------ Given data ------
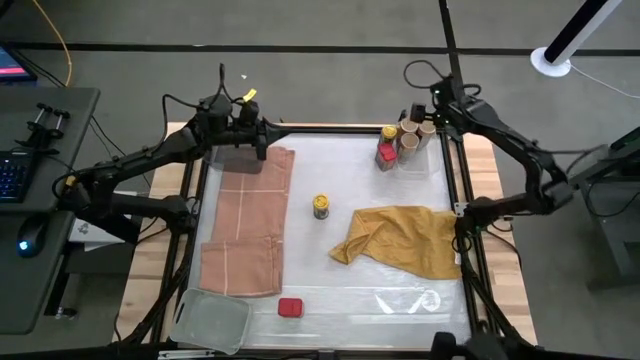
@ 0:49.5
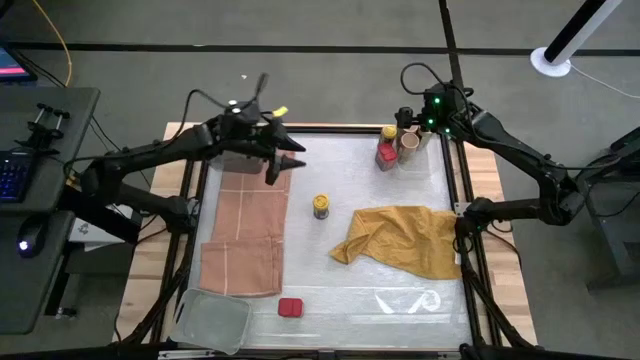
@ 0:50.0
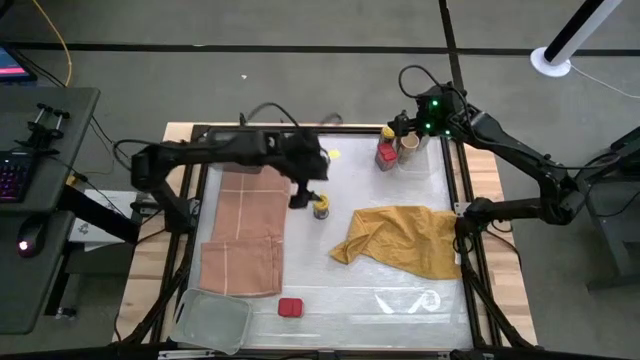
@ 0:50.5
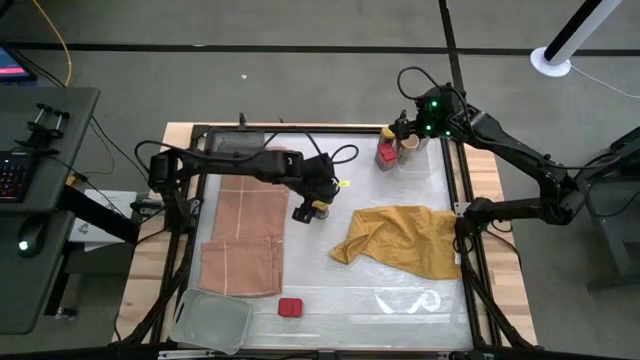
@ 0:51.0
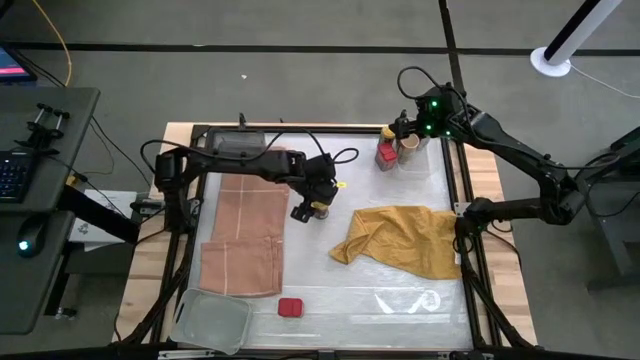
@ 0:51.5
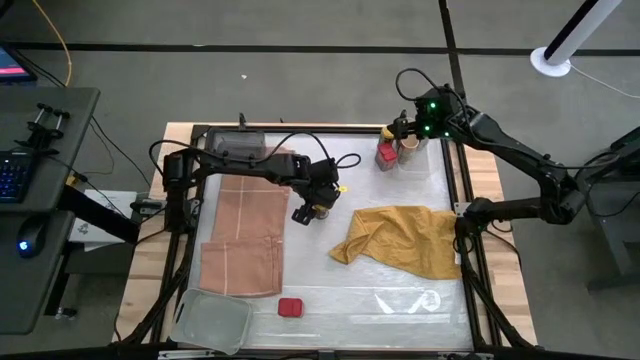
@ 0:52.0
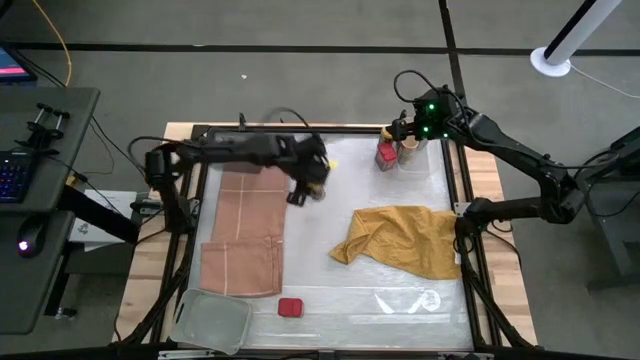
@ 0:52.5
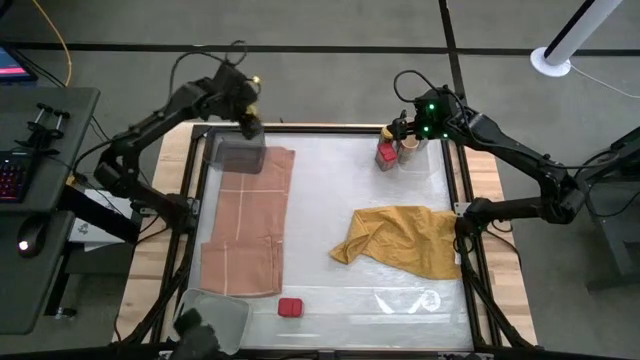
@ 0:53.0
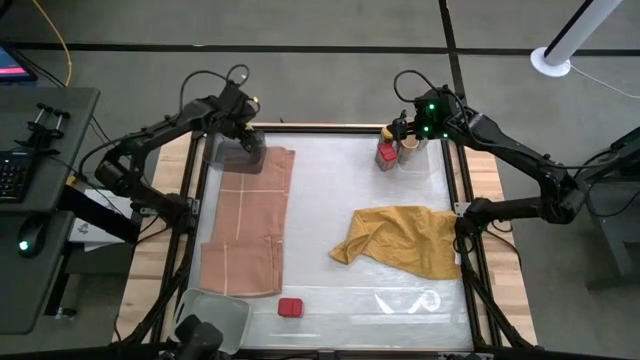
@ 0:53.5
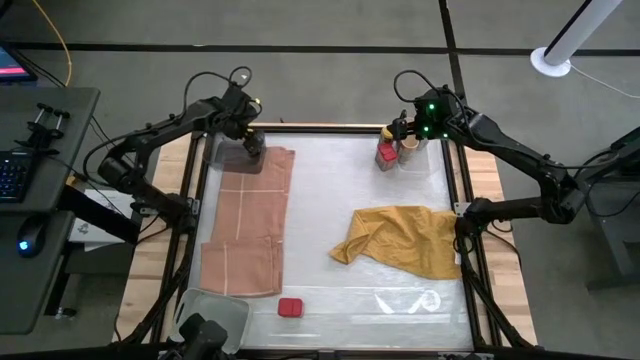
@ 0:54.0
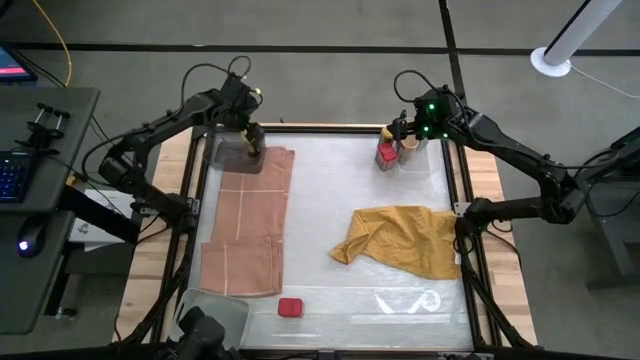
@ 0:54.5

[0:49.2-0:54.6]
Task: Sort spices by type
Put the bottom yellow seasoning bottle into the black bin
------
**The task**
Where a record above contains a picture, leave the picture out and transcribe everything else exactly.

**Solution for this task**
@ 0:49.5
@ 0:50.0
@ 0:50.5
@ 0:51.0
@ 0:51.5
@ 0:52.0
@ 0:52.5
@ 0:53.0
@ 0:53.5
@ 0:54.0
@ 0:54.5

[0:49.2-0:54.6]
Task: Sort spices by type
Put the bottom yellow seasoning bottle into the black bin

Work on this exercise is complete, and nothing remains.